Better isn’t good enough for IE9.

  • lejay
    So the leaked screenshots of a unfinished product looks half-baked? Wow, what a surprise.
  • IM0001
    It will definitely be interesting to see. From what Microsoft has learned over the last year is that they need to get things right the first time when releasing a new product (We all know about the Kin and I believe Microsoft learned from it big time). Microsoft really has a tough market to punch through here and with all hope going into it, the Beta (and more importantly, the final product) will deliver.
  • proxy711
    "I hate to crash Microsoft IE9 Beta party early, but it appears that the browser will miss its mark."

    "The performance we have seen so far is mediocre at best and the screenshots that were leaked make IE9 look like a half-baked product."

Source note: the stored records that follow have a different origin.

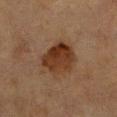Findings:
- workup — total-body-photography surveillance lesion; no biopsy
- anatomic site — the chest
- imaging modality — 15 mm crop, total-body photography
- tile lighting — cross-polarized illumination
- subject — female, aged 53 to 57
- lesion size — ~4.5 mm (longest diameter)

    Ya no surprise there. I hope no one was expecting anything other than the typical half baked product that IE is.
  • jimmysmitty
    I have been messing with both IE9 PR4 and FF 4.0 PR2. Both are great. But FF looks a bit bland. I hate how they seem to be moving away from the standard bar to something less.

    And so far, IE9 has yet to not be impressive with the test results. You can easily go to either website that runs these so called browser tests and run them easily to compare your own results with theirs, minus anything related to MS since its based also on internet connection speed.

    Also, why in the hell would we use anything made by a company in the competition? Since when is it ok to use a benchmark like Googles? Do you know what it truly means? That Google spent tons of time tweaking Chrome to look amazing in that test.

    Chrome is meh. Google has a ok browser. Safari is a no go. Intrusive APple software, hah. Haven't had a need for Opera since FF and IE work great together.
  • cookoy
    anyone benchmark which browser runs tomshardware site fastest?
  • willgart
    Wait and see... comparing a PP version to existing and public beta versions is not the same...
    between PP1 and PP4 there is a huge improvement in all parts.
    and based on other "microsoft" benchmarks (like the google one) IE9 outperform any other browser in real life usage. which is opening pages and surfing pages, and not just doing benchmarks.

    but its not the final version... so... we wait...
  • xophaser
    my firefox is starting to slow down. When I switched from ie 8 to firefox it was the fastest ever. Now with all the extensions it is lagging a little, and chrome, which I use also, seem faster. IE9 needs to be as fast/fastest and have the slick look of firefox 4 beta.
  • scione
    no love for Opera?
  • jimmysmitty
    willgartWait and see... comparing a PP version to existing and public beta versions is not the same...between PP1 and PP4 there is a huge improvement in all parts.and based on other "microsoft" benchmarks (like the google one) IE9 outperform any other browser in real life usage. which is opening pages and surfing pages, and not just doing benchmarks.but its not the final version... so... we wait...
    Pretty much. I have both IE9 PP4 and FF 4.0 Beta 2. So far, even with hardware acceleration IE9 PP4 is beating FF 4.0 Beta 2 in the test MS provides. They are tied for me in terms of speed in milliseconds since I have a T1 (1.5Mbps..... yay) at work.

    I for one am hopeful for the beta. It seems people don't realize that if IE9 does good, that means the other browsers try to do better which is a win win. Each and every one of them see MS IE as their main competition and they want to beat IE. If IE beats them, they will work harder to be better.

    Now when I look at IE(, I have hope too since so far Windows 7 is great, MS Security Essentials is great and have yet to have any problems with anything else.
  • falchard
    OMG a Google Benchmark on JavaScript shows IE9 is not good at it while Chrome is simply awesome. I never saw that one coming.